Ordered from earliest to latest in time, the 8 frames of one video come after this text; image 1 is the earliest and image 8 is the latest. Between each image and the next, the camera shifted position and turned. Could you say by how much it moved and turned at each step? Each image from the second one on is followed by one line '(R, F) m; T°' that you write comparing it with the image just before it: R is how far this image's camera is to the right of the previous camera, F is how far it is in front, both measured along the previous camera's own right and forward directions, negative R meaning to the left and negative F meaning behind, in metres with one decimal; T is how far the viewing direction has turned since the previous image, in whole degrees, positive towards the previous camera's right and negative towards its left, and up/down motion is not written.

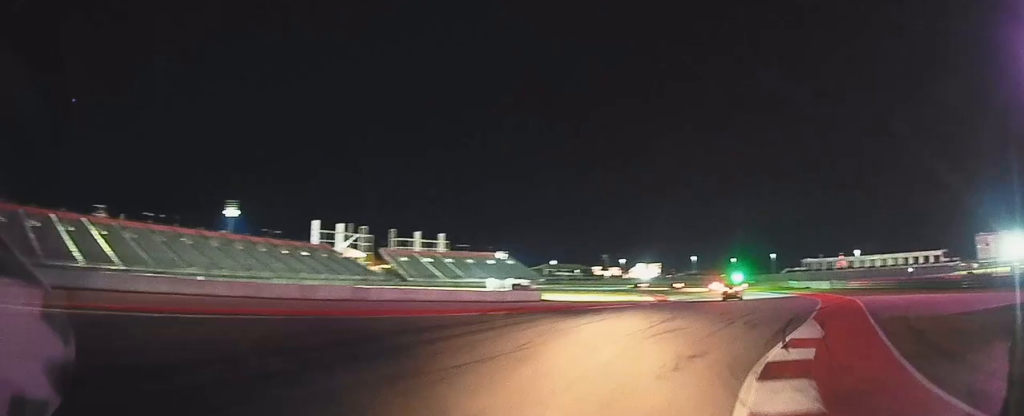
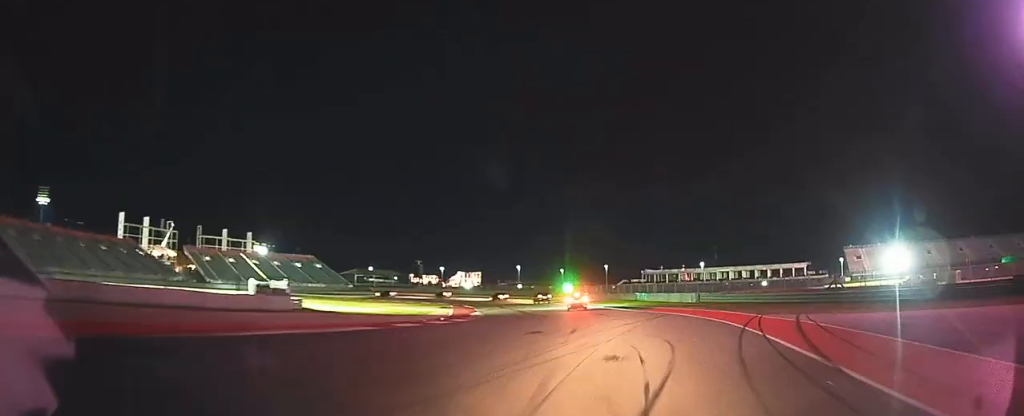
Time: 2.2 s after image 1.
(+3.3, +22.7) m; +7°
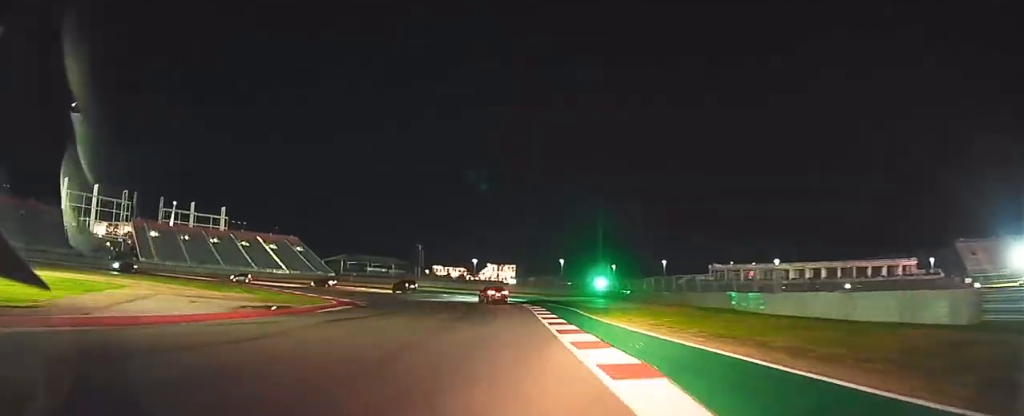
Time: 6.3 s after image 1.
(+0.1, +43.1) m; -12°
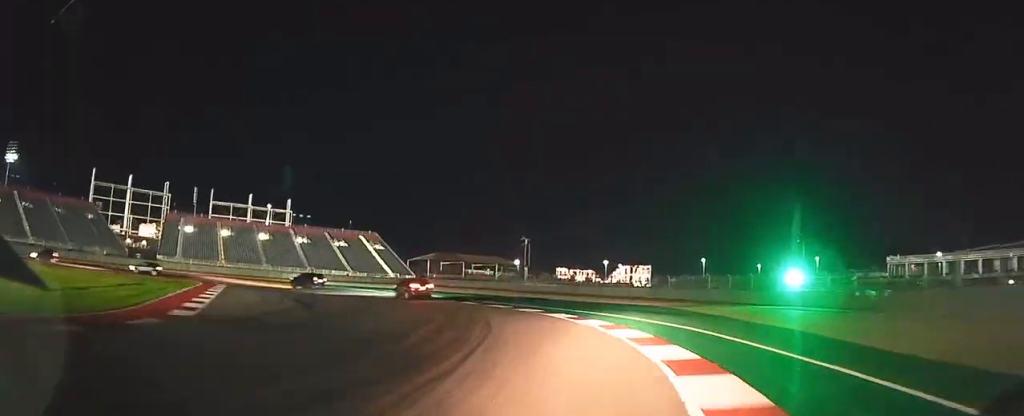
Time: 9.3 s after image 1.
(-6.5, +30.3) m; -22°
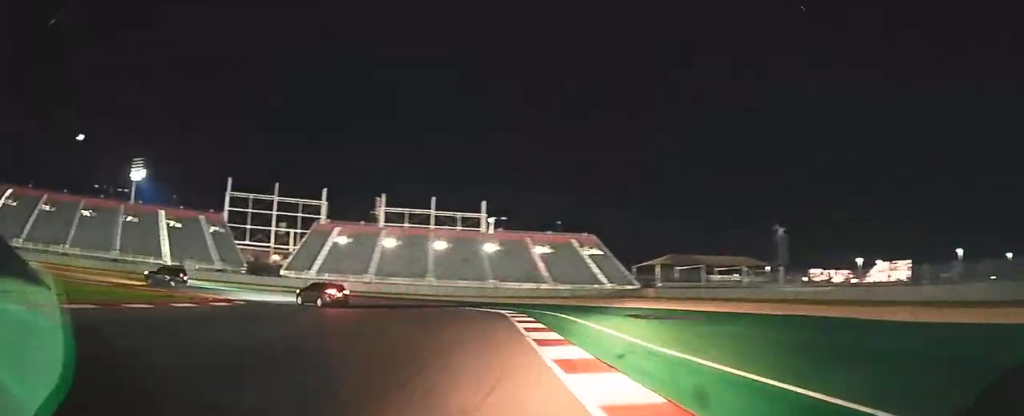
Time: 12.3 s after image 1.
(-5.3, +25.2) m; -34°
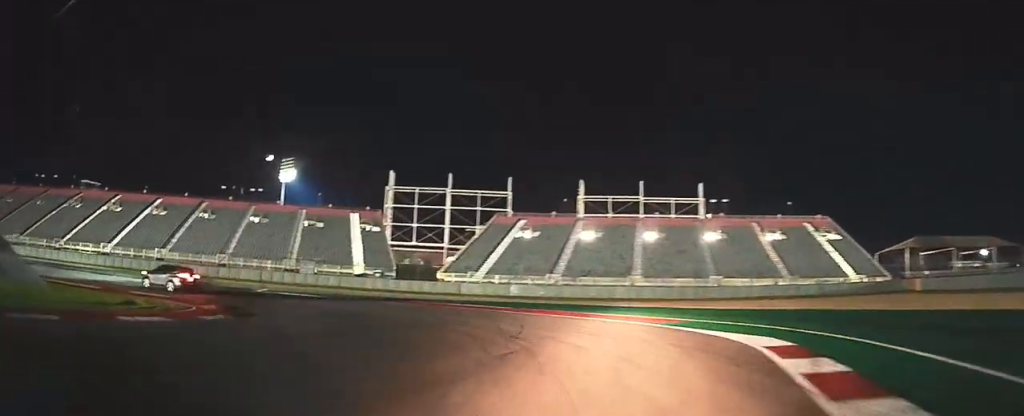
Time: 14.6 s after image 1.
(+1.7, +20.5) m; -36°
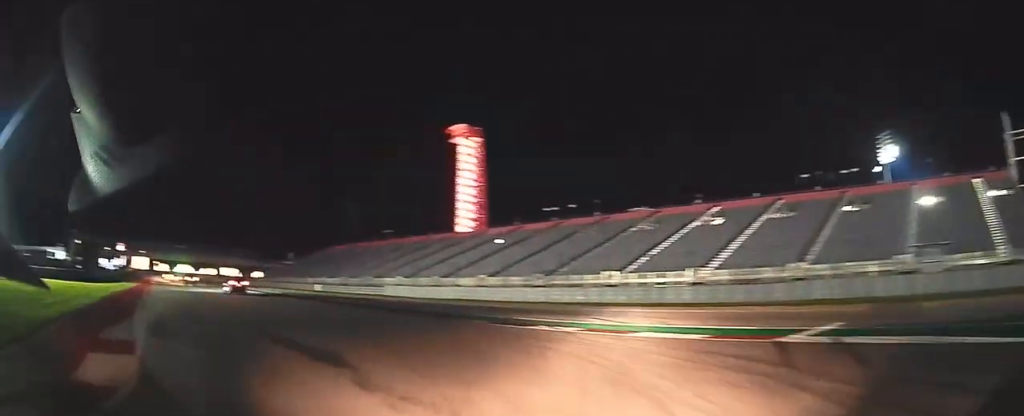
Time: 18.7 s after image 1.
(-23.9, +26.9) m; -55°
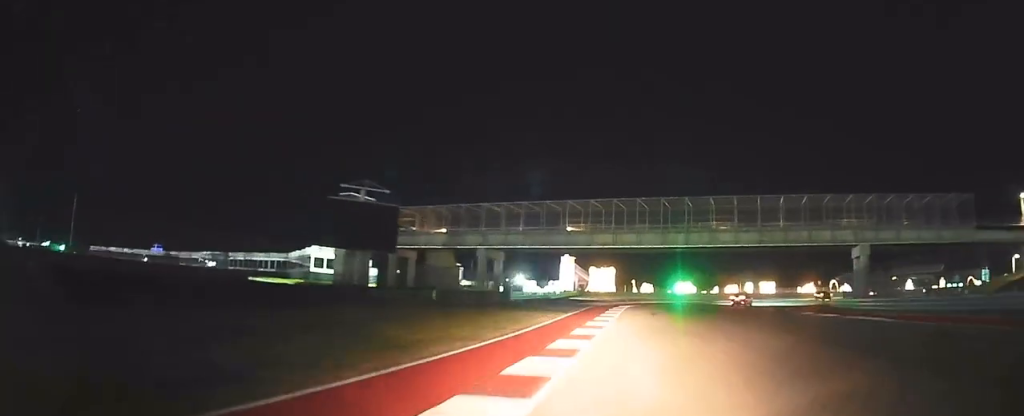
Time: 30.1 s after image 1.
(-48.3, +123.7) m; -11°
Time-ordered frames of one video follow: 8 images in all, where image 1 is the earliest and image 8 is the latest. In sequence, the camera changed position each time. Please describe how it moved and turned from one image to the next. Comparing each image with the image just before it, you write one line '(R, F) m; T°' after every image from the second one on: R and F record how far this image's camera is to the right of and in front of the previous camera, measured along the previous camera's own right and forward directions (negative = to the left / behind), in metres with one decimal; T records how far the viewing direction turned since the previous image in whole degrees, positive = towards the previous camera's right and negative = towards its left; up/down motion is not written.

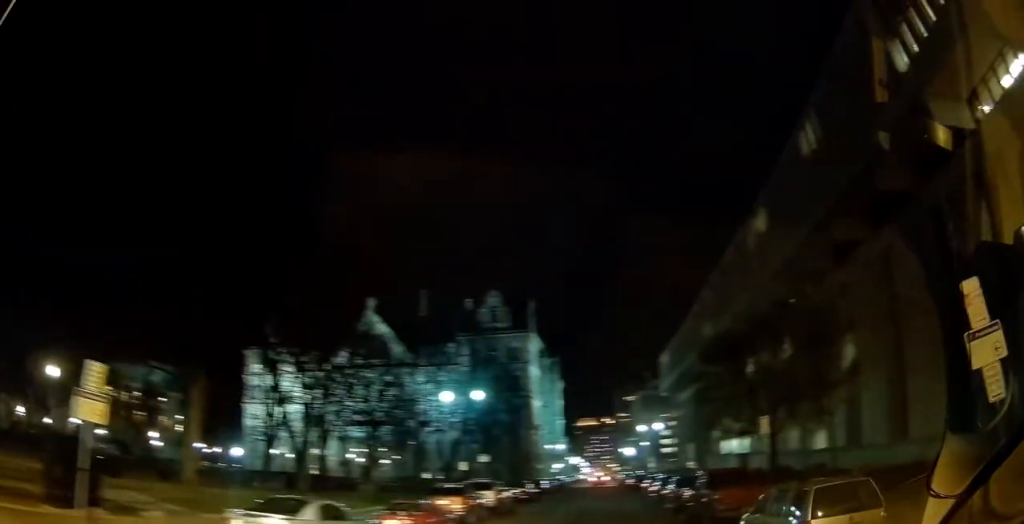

----------------

-- TO DO --
Reproduce exactly, and only, the lines from the one containing "Time: 14.6 s after image 1." through the last line of the records above, both included, leaving out any pictures.

-- RESPONSE BELOW --
Time: 14.6 s after image 1.
(+1.7, +20.5) m; -36°
Time: 18.7 s after image 1.
(-23.9, +26.9) m; -55°
Time: 30.1 s after image 1.
(-48.3, +123.7) m; -11°
Time-ordered frames of one video follow: 8 images in all, where image 1 is the earliest and image 8 is the latest. In sequence, the camera changed position each time. Please describe how it moved and turned from one image to the next. Comparing each image with the image just before it, you write one line '(R, F) m; T°' after every image from the second one on: R and F record how far this image's camera is to the right of and in front of the previous camera, measured along the previous camera's own right and forward directions (negative = to the left / behind), in metres with one decimal; T records how far the viewing direction turned since the previous image in whole degrees, positive = towards the previous camera's right and negative = towards its left; up/down motion is not written.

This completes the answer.